Was Friday a “dead cat bounce?” I do not know but all had small sense of relief from the relentless selling pressure that has decimated the markets. The catalyst for the rebound was oil’s rebound from 12 year lows—the greatest advance in seven years–and financial stocks. Treasuries had their biggest drop of the year.
Commenting about January’s retail sales, I thought the statistics suggested the economy is not falling off the proverbial cliff. In fact one subset is consistent with three percent growth.
Late last week there were a chorus of “influential” icons commenting the markets are devoid of reality, that prices have fallen to dramatically against the current and expected economic backdrop. The economy is not about to enter the abyss as the narrative is suggesting.
Several have stated the markets are “devoid of rationality” that are “overly influenced by cross correlated trading strategies.” Bloomberg writes the Dow has now registered 29 consecutive sessions with intraday moves of more than 200 points.

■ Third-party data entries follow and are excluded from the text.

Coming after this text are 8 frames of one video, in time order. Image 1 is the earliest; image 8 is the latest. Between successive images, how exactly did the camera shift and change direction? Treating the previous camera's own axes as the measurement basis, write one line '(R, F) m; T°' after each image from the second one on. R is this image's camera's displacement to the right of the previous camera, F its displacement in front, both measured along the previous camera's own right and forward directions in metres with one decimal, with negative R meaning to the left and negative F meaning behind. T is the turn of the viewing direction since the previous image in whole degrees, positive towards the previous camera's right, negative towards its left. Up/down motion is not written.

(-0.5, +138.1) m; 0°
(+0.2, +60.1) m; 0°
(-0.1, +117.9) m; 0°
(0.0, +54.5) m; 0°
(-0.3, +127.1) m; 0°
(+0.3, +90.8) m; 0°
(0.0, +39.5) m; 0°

Wow!!
I hope these comments are the beginning of a crescendo that will begin to limit these “cross correlated trades” which according to the American Cattle Association is “distorting reality.”
What will happen this holiday shortened week? Earning season is coming to an end, a season where profits again generally surprised on the upside, the result of dumbed down expectations, but contracted for the fourth consecutive quarter.

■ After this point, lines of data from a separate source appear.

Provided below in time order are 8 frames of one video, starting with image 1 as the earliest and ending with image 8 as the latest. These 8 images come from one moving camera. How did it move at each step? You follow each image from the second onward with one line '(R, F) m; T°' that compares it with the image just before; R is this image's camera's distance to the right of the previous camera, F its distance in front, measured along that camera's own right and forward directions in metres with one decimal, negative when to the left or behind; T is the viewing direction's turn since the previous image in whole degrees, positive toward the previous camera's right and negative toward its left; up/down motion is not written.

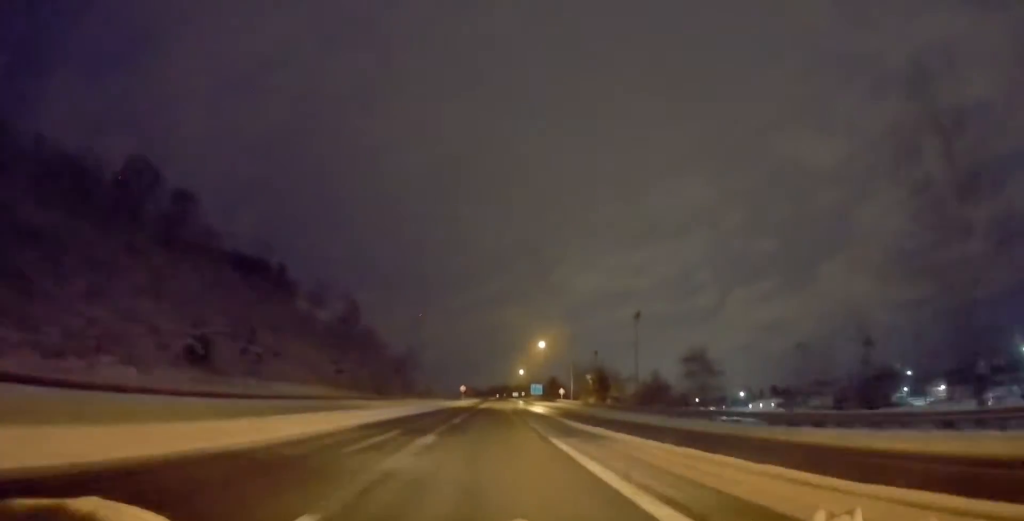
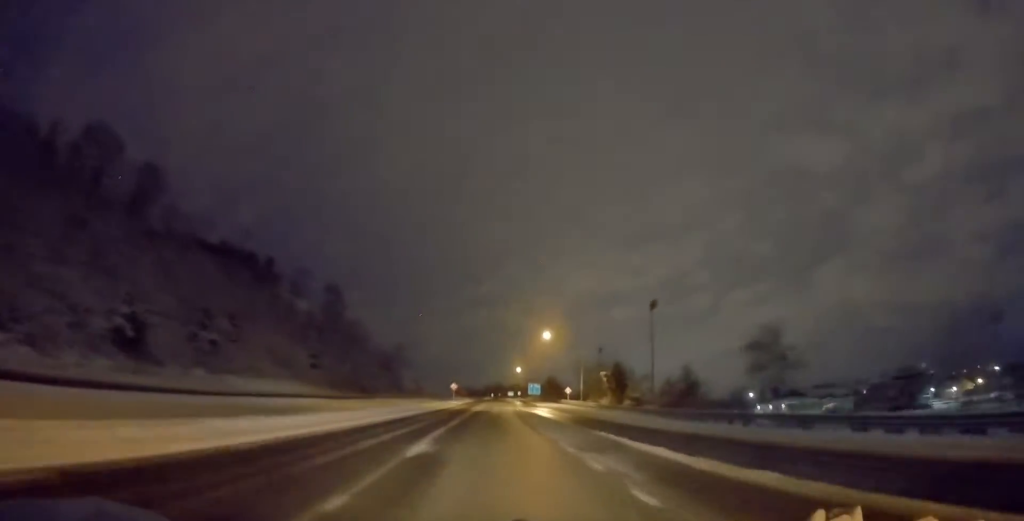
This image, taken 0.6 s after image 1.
(+0.4, +14.7) m; +1°
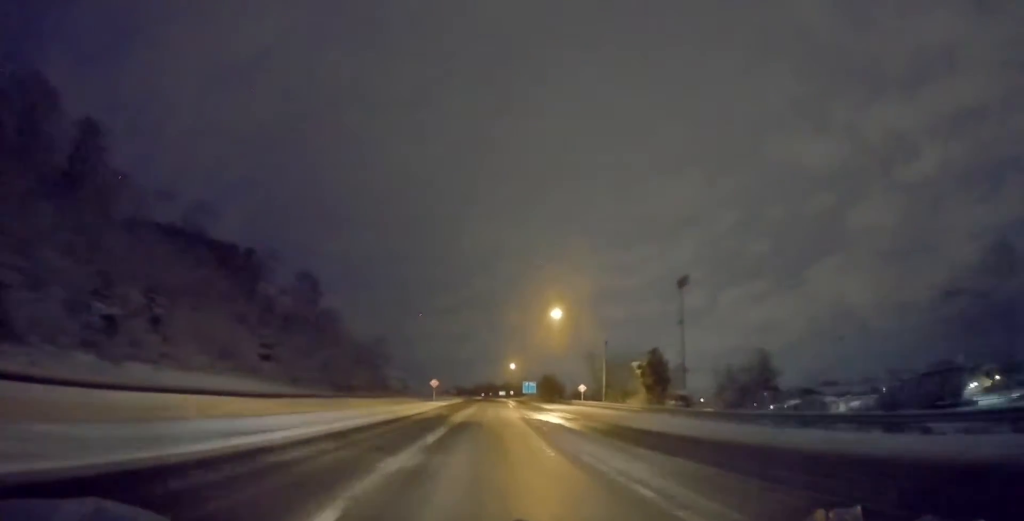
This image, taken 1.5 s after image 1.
(+0.5, +21.3) m; 0°
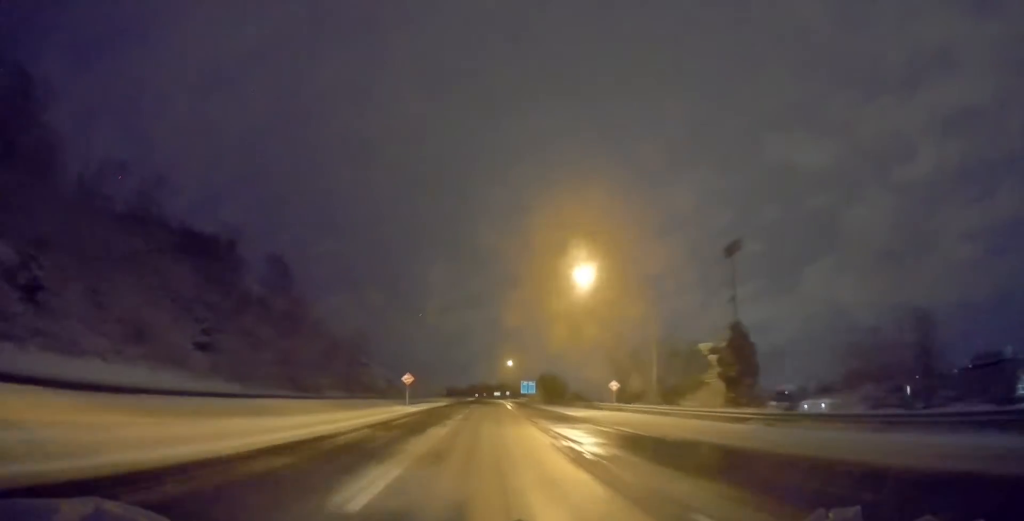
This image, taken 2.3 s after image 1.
(-0.3, +20.6) m; -1°
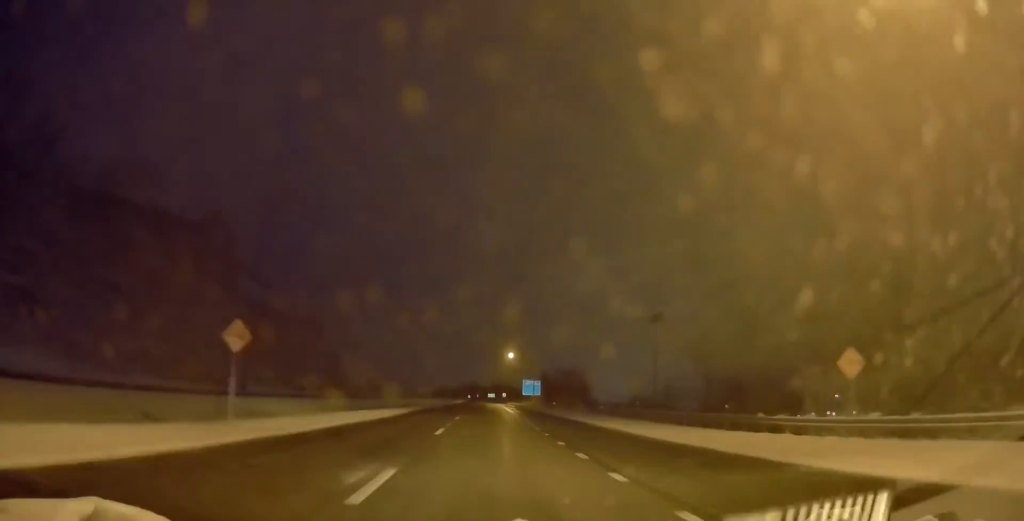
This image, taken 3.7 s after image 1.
(+0.6, +34.9) m; +1°
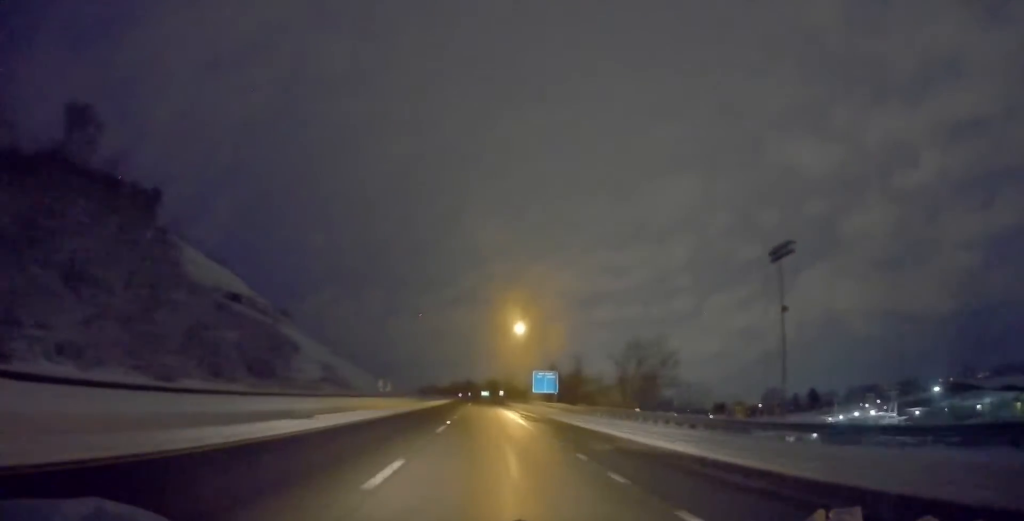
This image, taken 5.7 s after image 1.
(0.0, +49.5) m; +1°
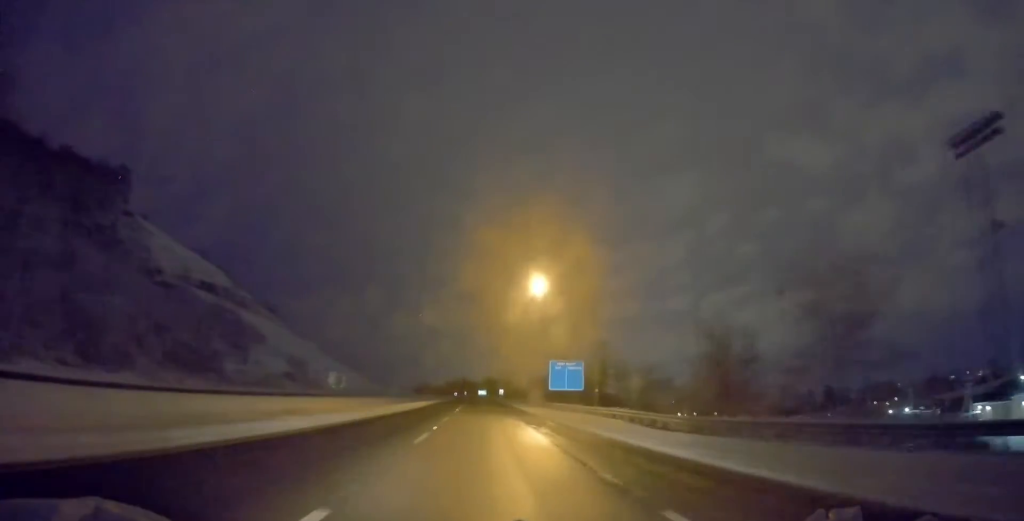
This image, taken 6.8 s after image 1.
(+0.3, +29.3) m; +1°
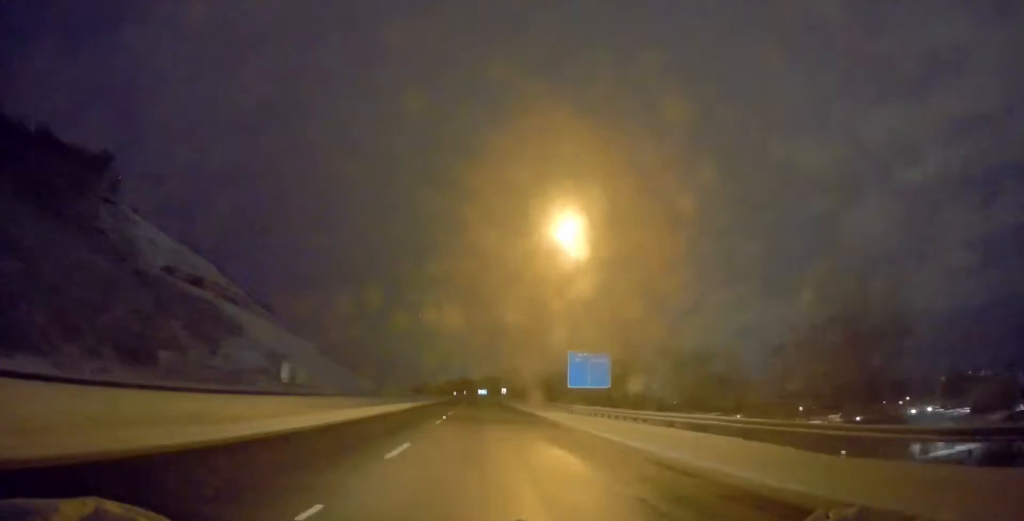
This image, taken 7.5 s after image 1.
(0.0, +15.9) m; 0°

The economic calendar is comprised of various inflation indices, housing and manufacturing statistics and weekly jobless claims.
Last night the foreign markets were up. London was up 0.57%, Paris up 0.50% and Frankfurt down 0.47%. China was up 3.07%, Japan up 0.20% and Hang Sang up 1.08%.
The Dow should open considerably higher as China opened strong following its closure in celebrations of its New Year. Oil is higher on reports that Saudi Arabia and Russia are to freeze oil near record levels, the first such coordination between OPEC and non OPEC countries in two countries in 15 years. The 10-year is off 9/32 to yield 1.78%.